▸ Exercise aim
Copy out and return the lines from the one holding "Number of elements: 8" to the end of the listing below, both included, omitting the pictures.

▸ Supplied information
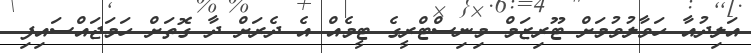
އަލިދުއާ ހަވާލުވުމަށް ޓޫރިޒަމް މިނިސްޓްރީގެ ޓީމެއް އެ ދެރަށް ދާ ގޮތަށް ހަމަޖައްސައިފި
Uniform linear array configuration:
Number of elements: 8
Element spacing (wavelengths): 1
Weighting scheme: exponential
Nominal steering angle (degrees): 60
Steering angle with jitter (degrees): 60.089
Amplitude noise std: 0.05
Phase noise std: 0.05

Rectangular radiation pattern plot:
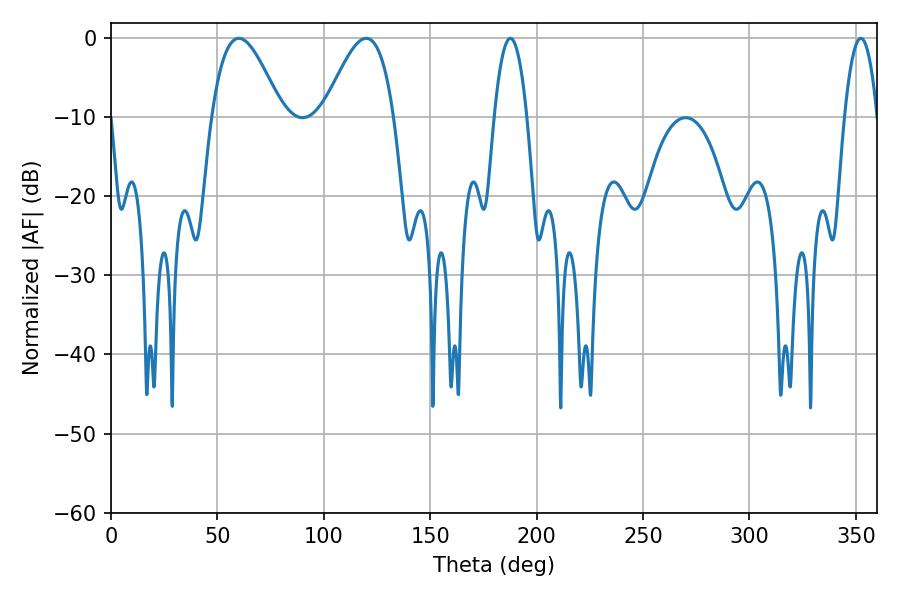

▸ Worked solution
Number of elements: 8
Element spacing (wavelengths): 1
Weighting scheme: exponential
Nominal steering angle (degrees): 60
Steering angle with jitter (degrees): 60.089
Amplitude noise std: 0.05
Phase noise std: 0.05

Rectangular radiation pattern plot:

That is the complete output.